:: Exercise ::
Reproduce word for word the lines between those holding "#5917=DIRECTION('center_axis',(0.,0.,-1.));" and "#13843=CARTESIAN_POINT('',(0.,2.279,8.269));", inclusive, and nothing else from the data below.
___ Supplied data ___
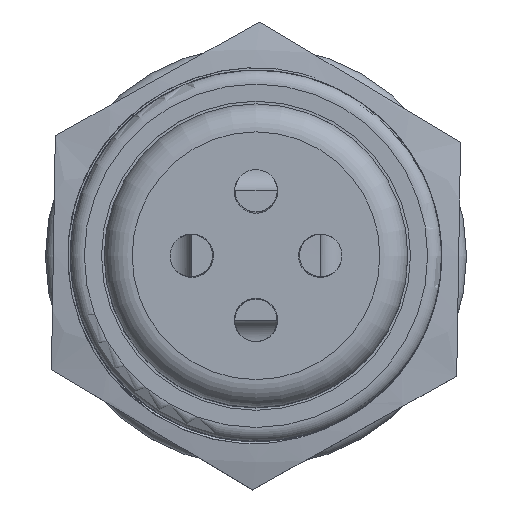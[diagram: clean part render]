
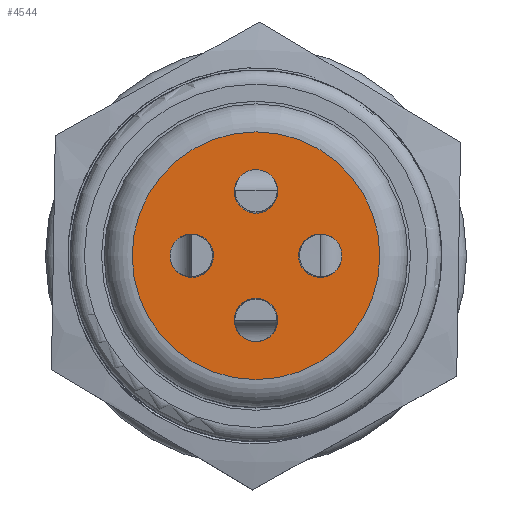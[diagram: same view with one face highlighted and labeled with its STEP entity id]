
A CAD part, top view. The second image highlights one B-rep face of the part: STEP entity #4544.
In plain terms, the highlighted planar face has unit normal (0, 0, 1).
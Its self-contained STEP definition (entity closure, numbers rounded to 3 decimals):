
#79=ELLIPSE('',#4897,1.161,1.161);
#80=ELLIPSE('',#4898,1.161,1.161);
#90=ELLIPSE('',#4918,1.161,1.161);
#91=ELLIPSE('',#4919,1.161,1.161);
#101=ELLIPSE('',#4939,1.161,1.161);
#111=ELLIPSE('',#4959,1.161,1.161);
#163=FACE_BOUND('',#1044,.T.);
#164=FACE_BOUND('',#1045,.T.);
#165=FACE_BOUND('',#1046,.T.);
#166=FACE_BOUND('',#1047,.T.);
#295=PLANE('',#4985);
#430=CIRCLE('',#4986,6.631);
#431=CIRCLE('',#4987,6.631);
#782=FACE_OUTER_BOUND('',#1043,.T.);
#1043=EDGE_LOOP('',(#3594,#3595));
#1044=EDGE_LOOP('',(#3596,#3597));
#1045=EDGE_LOOP('',(#3598,#3599));
#1046=EDGE_LOOP('',(#3600));
#1047=EDGE_LOOP('',(#3601));
#1887=VERTEX_POINT('',#13662);
#1888=VERTEX_POINT('',#13663);
#1904=VERTEX_POINT('',#13723);
#1905=VERTEX_POINT('',#13724);
#1921=VERTEX_POINT('',#13784);
#1937=VERTEX_POINT('',#13843);
#1958=VERTEX_POINT('',#13915);
#1959=VERTEX_POINT('',#13916);
#2442=EDGE_CURVE('',#1887,#1888,#79,.T.);
#2443=EDGE_CURVE('',#1888,#1887,#80,.T.);
#2469=EDGE_CURVE('',#1904,#1905,#90,.T.);
#2470=EDGE_CURVE('',#1905,#1904,#91,.T.);
#2496=EDGE_CURVE('',#1921,#1921,#101,.T.);
#2522=EDGE_CURVE('',#1937,#1937,#111,.T.);
#2554=EDGE_CURVE('',#1958,#1959,#430,.T.);
#2555=EDGE_CURVE('',#1959,#1958,#431,.T.);
#3594=ORIENTED_EDGE('',*,*,#2554,.F.);
#3595=ORIENTED_EDGE('',*,*,#2555,.F.);
#3596=ORIENTED_EDGE('',*,*,#2442,.T.);
#3597=ORIENTED_EDGE('',*,*,#2443,.T.);
#3598=ORIENTED_EDGE('',*,*,#2469,.T.);
#3599=ORIENTED_EDGE('',*,*,#2470,.T.);
#3600=ORIENTED_EDGE('',*,*,#2496,.T.);
#3601=ORIENTED_EDGE('',*,*,#2522,.T.);
#4544=ADVANCED_FACE('',(#782,#163,#164,#165,#166),#295,.T.);
#4897=AXIS2_PLACEMENT_3D('',#13664,#5692,#5693);
#4898=AXIS2_PLACEMENT_3D('',#13665,#5694,#5695);
#4918=AXIS2_PLACEMENT_3D('',#13725,#5745,#5746);
#4919=AXIS2_PLACEMENT_3D('',#13726,#5747,#5748);
#4939=AXIS2_PLACEMENT_3D('',#13785,#5798,#5799);
#4959=AXIS2_PLACEMENT_3D('',#13844,#5849,#5850);
#4985=AXIS2_PLACEMENT_3D('',#13914,#5913,#5914);
#4986=AXIS2_PLACEMENT_3D('',#13917,#5915,#5916);
#4987=AXIS2_PLACEMENT_3D('',#13918,#5917,#5918);
#5692=DIRECTION('center_axis',(0.,0.,-1.));
#5693=DIRECTION('ref_axis',(-1.,0.,0.));
#5694=DIRECTION('center_axis',(0.,0.,-1.));
#5695=DIRECTION('ref_axis',(-1.,0.,0.));
#5745=DIRECTION('center_axis',(0.,0.,-1.));
#5746=DIRECTION('ref_axis',(0.,1.,0.));
#5747=DIRECTION('center_axis',(0.,0.,-1.));
#5748=DIRECTION('ref_axis',(0.,1.,0.));
#5798=DIRECTION('center_axis',(0.,0.,-1.));
#5799=DIRECTION('ref_axis',(-1.,0.,0.));
#5849=DIRECTION('center_axis',(0.,0.,-1.));
#5850=DIRECTION('ref_axis',(0.,1.,0.));
#5913=DIRECTION('center_axis',(0.,0.,1.));
#5914=DIRECTION('ref_axis',(1.,0.,0.));
#5915=DIRECTION('center_axis',(0.,0.,-1.));
#5916=DIRECTION('ref_axis',(1.,0.,0.));
#5917=DIRECTION('center_axis',(0.,0.,-1.));
#5918=DIRECTION('ref_axis',(1.,0.,0.));
#13662=CARTESIAN_POINT('',(4.6,0.,8.269));
#13663=CARTESIAN_POINT('',(2.279,0.,8.269));
#13664=CARTESIAN_POINT('Origin',(3.439,0.,
8.269));
#13665=CARTESIAN_POINT('Origin',(3.439,0.,
8.269));
#13723=CARTESIAN_POINT('',(0.,-4.6,8.269));
#13724=CARTESIAN_POINT('',(0.,-2.279,8.269));
#13725=CARTESIAN_POINT('Origin',(0.,-3.439,
8.269));
#13726=CARTESIAN_POINT('Origin',(0.,-3.439,
8.269));
#13784=CARTESIAN_POINT('',(-2.279,0.,8.269));
#13785=CARTESIAN_POINT('Origin',(-3.439,0.,
8.269));
#13843=CARTESIAN_POINT('',(0.,2.279,8.269));
#13844=CARTESIAN_POINT('Origin',(0.,3.439,8.269));
#13914=CARTESIAN_POINT('Origin',(0.,6.631,8.269));
#13915=CARTESIAN_POINT('',(0.,6.631,8.269));
#13916=CARTESIAN_POINT('',(6.631,0.,8.269));
#13917=CARTESIAN_POINT('Origin',(0.,0.,8.269));
#13918=CARTESIAN_POINT('Origin',(0.,0.,8.269));
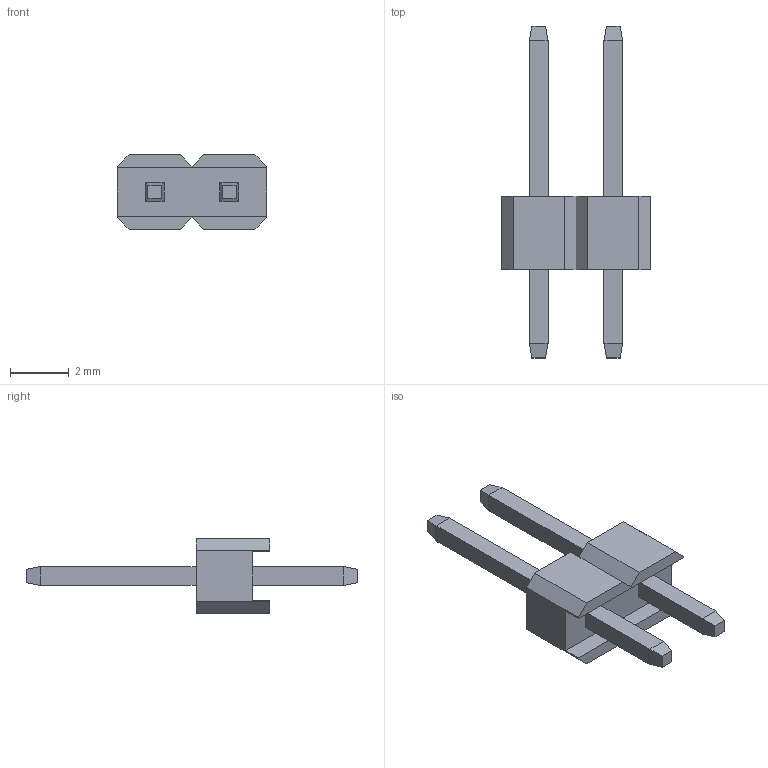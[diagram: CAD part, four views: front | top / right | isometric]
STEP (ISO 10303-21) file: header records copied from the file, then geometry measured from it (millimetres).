
FILE_DESCRIPTION (( 'STEP AP214' ), '1' );
FILE_NAME ('2.54 mm DUPONT MALE PIN HEADER, CONFIGURABLE, 1X2.STEP', '2019-05-09T04:34:52', ( '' ), ( '' ), 'SwSTEP 2.0', 'SolidWorks 2018', '' );
FILE_SCHEMA (( 'AUTOMOTIVE_DESIGN' ));
Length unit declared in the file: millimetre
Products named in the file (6): PIN, 2.54 mm DUPONT MALE PIN HEADER, CONFIGURABLE; 2.54 mm DUPONT MALE PIN HEADER, CONFIGURABLE, 1X2; BASE, 2.54 mm DUPONT MALE PIN HEADER, CONFIGURABLE_1X2; BASE, 2.54 mm DUPONT MALE PIN HEADER, CONFIGURABLE
Assembly tree (3 placements, depth 2):
  PIN, 2.54 mm DUPONT MALE PIN HEADER, CONFIGURABLE
  2.54 mm DUPONT MALE PIN HEADER, CONFIGURABLE, 1X2
    BASE, 2.54 mm DUPONT MALE PIN HEADER, CONFIGURABLE_1X2
    PIN, 2.54 mm DUPONT MALE PIN HEADER, CONFIGURABLE  x2
  PIN, 2.54 mm DUPONT MALE PIN HEADER, CONFIGURABLE
  BASE, 2.54 mm DUPONT MALE PIN HEADER, CONFIGURABLE
Bounding box: 5.08 x 11.3 x 2.54 mm (x, y, z)
Volume: 33.2 mm3; surface area: 132.2 mm2
Topology: 3 solids, 3 shells, 56 faces, 134 edges, 84 vertices
Faces by surface type: plane 56
Entity records: 1389 total; most frequent: CARTESIAN_POINT 223, ORIENTED_EDGE 212, DIRECTION 204, EDGE_CURVE 106, VECTOR 106, LINE 106, VERTEX_POINT 68, AXIS2_PLACEMENT_3D 49
___
:: Task solution ::
#5917=DIRECTION('center_axis',(0.,0.,-1.));
#5918=DIRECTION('ref_axis',(1.,0.,0.));
#13662=CARTESIAN_POINT('',(4.6,0.,8.269));
#13663=CARTESIAN_POINT('',(2.279,0.,8.269));
#13664=CARTESIAN_POINT('Origin',(3.439,0.,
8.269));
#13665=CARTESIAN_POINT('Origin',(3.439,0.,
8.269));
#13723=CARTESIAN_POINT('',(0.,-4.6,8.269));
#13724=CARTESIAN_POINT('',(0.,-2.279,8.269));
#13725=CARTESIAN_POINT('Origin',(0.,-3.439,
8.269));
#13726=CARTESIAN_POINT('Origin',(0.,-3.439,
8.269));
#13784=CARTESIAN_POINT('',(-2.279,0.,8.269));
#13785=CARTESIAN_POINT('Origin',(-3.439,0.,
8.269));
#13843=CARTESIAN_POINT('',(0.,2.279,8.269));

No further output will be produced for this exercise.